Later in the game, Rudolph completed two third-down passes to Pickens — one on third-and-15 and the other on third-and-1 — that went for 44 yards and a 66-yard touchdown, respectively.

A week later in Seattle, Tomlin urged his offensive staff to call a throw to Pickens on second down in a late-game situation where the entire stadium thought they would run the ball. The move paid off as Rudolph hit Pickens for a 10-yard gain.

“Those are the calculated risks that you take and that one worked out for us,” Faulkner said. In each case, Tomlin and the Steelers were aggressive in the playcall, trusting Rudolph to make the money play. And he didn’t just cash in in those instances: Rudolph has completed 72% of his attempts on third down and is averaging 11.5 yards per attempt on third-down throws.

With Rudolph at quarterback, the Steelers have converted 45% of their third downs, ranking eighth in the league. With Kenny Pickett and Mitch Trubisky starting, the Steelers converted just 35% of third downs, 26th in the NFL.

After a hollow loss to a woeful New England Patriots team, Tomlin stood behind a podium and vowed the Steelers would be back. Externally, his words felt hollow in the moment. Even more so when the team was blown out against the Colts a week later. And yet, inside the building, the team never stopped believing in its coach, and the coach never stopped believing in them.

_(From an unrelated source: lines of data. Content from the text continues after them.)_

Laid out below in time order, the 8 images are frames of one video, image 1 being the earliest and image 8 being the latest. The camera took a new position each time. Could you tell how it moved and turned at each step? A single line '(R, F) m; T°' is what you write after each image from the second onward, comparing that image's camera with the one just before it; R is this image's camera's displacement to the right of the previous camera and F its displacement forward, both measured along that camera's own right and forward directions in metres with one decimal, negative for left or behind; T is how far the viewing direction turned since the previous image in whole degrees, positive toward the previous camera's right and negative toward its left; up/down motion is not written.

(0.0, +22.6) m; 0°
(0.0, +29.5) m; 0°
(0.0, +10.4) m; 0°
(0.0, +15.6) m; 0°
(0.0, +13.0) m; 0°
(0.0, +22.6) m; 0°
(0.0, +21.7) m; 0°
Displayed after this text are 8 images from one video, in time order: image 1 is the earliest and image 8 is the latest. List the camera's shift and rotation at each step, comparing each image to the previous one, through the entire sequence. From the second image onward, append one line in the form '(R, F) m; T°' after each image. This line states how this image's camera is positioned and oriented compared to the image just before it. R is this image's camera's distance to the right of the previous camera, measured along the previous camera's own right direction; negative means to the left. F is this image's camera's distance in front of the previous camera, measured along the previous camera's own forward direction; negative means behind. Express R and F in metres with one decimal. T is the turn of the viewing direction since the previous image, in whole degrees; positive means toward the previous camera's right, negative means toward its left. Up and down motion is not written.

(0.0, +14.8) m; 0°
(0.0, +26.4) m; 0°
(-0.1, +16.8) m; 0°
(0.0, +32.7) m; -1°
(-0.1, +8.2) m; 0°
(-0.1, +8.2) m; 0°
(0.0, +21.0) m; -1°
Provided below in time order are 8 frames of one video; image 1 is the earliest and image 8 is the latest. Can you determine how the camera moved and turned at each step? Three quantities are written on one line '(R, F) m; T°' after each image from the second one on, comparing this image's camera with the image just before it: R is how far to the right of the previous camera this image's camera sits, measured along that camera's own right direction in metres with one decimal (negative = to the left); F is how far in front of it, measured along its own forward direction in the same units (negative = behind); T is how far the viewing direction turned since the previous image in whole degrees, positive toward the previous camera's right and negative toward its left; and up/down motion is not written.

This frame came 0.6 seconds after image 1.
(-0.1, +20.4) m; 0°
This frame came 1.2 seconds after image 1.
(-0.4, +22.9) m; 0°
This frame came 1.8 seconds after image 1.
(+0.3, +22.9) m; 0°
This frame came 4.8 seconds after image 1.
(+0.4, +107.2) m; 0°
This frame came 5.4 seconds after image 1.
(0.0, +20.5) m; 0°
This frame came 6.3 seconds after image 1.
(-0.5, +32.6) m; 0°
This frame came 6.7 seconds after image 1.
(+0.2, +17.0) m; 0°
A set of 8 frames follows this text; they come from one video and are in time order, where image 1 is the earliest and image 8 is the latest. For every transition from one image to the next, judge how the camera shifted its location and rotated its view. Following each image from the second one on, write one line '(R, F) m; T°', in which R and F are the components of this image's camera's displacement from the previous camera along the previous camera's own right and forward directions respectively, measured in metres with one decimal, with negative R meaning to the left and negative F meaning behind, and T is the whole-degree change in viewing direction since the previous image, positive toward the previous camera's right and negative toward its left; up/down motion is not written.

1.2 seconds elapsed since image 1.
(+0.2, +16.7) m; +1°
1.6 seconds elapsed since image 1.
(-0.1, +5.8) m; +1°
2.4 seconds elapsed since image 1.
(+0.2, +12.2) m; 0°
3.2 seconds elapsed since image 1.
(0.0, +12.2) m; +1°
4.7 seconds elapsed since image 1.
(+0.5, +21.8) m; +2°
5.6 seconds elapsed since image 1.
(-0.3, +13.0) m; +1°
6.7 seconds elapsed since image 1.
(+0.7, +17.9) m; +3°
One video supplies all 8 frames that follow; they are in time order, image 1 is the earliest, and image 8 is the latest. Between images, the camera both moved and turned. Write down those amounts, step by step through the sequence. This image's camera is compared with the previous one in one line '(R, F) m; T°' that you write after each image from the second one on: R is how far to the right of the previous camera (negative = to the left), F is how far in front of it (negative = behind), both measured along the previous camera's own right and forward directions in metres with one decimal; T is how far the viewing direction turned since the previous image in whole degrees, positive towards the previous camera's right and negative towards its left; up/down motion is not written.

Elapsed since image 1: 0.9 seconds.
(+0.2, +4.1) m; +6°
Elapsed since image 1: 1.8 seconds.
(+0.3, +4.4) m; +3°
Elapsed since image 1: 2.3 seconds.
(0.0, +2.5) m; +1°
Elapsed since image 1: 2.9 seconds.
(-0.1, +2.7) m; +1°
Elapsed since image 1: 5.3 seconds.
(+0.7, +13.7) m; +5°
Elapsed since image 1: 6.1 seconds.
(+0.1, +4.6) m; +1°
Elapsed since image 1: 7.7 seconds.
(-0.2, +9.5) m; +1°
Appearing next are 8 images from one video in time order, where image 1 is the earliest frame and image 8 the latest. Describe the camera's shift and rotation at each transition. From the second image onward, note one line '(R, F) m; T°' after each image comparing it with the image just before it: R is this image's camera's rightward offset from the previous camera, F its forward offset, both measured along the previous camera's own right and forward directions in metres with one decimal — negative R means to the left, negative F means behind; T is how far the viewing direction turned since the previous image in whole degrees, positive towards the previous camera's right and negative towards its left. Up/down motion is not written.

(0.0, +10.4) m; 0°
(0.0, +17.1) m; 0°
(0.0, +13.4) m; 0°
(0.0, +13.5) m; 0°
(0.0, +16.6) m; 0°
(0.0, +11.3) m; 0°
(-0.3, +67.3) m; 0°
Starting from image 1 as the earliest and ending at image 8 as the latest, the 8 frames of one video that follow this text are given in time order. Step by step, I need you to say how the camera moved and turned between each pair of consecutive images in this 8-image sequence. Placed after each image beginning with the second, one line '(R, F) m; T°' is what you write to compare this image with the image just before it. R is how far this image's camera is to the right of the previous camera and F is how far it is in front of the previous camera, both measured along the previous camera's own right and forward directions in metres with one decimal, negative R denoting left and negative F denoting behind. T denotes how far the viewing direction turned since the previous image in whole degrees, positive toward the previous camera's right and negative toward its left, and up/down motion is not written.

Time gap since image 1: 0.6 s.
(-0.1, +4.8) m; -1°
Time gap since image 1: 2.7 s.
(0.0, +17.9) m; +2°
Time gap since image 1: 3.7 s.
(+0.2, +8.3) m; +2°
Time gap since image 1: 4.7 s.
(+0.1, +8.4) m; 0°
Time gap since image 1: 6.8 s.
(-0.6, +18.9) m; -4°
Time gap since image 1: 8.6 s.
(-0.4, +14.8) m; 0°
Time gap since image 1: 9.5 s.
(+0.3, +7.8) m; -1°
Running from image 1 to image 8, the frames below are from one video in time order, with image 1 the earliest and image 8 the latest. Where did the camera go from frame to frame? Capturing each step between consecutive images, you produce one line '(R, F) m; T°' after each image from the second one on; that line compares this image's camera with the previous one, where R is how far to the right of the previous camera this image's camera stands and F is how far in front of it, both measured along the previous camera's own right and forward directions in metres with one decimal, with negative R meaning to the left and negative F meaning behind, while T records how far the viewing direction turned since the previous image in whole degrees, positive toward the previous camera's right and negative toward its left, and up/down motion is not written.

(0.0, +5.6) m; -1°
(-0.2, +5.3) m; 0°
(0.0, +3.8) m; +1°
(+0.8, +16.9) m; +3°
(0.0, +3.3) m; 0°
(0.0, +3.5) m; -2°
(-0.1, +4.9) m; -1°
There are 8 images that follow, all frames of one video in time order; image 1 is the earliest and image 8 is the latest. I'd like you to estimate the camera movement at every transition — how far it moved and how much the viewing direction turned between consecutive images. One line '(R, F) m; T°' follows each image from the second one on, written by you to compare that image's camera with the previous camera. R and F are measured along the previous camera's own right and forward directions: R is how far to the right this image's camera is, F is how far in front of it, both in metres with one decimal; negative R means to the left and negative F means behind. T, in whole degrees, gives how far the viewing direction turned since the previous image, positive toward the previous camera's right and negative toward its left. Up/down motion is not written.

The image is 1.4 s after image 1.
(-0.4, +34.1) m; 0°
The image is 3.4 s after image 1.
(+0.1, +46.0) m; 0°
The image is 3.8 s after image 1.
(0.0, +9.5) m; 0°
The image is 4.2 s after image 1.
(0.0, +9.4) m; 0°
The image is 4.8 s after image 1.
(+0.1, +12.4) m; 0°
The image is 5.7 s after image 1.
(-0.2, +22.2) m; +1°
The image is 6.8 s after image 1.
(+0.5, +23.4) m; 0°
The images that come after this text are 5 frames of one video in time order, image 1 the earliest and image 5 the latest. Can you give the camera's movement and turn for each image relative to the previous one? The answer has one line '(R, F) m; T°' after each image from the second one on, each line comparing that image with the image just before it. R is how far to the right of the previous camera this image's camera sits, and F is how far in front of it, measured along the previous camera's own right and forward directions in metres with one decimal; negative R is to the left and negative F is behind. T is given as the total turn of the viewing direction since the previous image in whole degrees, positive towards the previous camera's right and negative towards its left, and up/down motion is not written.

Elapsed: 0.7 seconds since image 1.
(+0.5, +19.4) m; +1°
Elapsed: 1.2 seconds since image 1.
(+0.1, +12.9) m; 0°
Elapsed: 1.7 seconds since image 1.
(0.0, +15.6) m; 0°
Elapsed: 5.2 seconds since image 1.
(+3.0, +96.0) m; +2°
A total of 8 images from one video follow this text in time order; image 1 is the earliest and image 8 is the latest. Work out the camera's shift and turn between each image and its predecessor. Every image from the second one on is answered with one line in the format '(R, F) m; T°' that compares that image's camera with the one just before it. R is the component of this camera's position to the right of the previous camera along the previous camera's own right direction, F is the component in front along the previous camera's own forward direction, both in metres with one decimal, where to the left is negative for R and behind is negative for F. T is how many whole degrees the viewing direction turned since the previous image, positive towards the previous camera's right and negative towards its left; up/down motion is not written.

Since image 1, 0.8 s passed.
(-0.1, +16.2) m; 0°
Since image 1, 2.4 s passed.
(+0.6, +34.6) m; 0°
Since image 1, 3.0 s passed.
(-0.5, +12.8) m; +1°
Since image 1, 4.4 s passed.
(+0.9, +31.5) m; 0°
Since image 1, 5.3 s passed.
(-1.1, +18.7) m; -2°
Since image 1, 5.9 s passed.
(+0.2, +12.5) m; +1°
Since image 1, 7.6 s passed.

In a tumultuous season that saw multiple significant injuries to key defensive players, three different quarterbacks and the unprecedented in-season firing of an offensive coordinator, Tomlin’s ability to remain steadfast and confident while daring his group to take necessary risks paid off with a once-improbable playoff berth.

“There’s been a lot of outside noise, but at the end of the day, the guys have been working their asses off and trusting in each other,” Watt said. “It doesn’t matter how depleted we are. We understand that’s happening all over the league. But if we want to win games, it’s going to take the guys in this building, and we’ve really taken and run with it.

“I think none of that’s possible without Mike T at the helm.”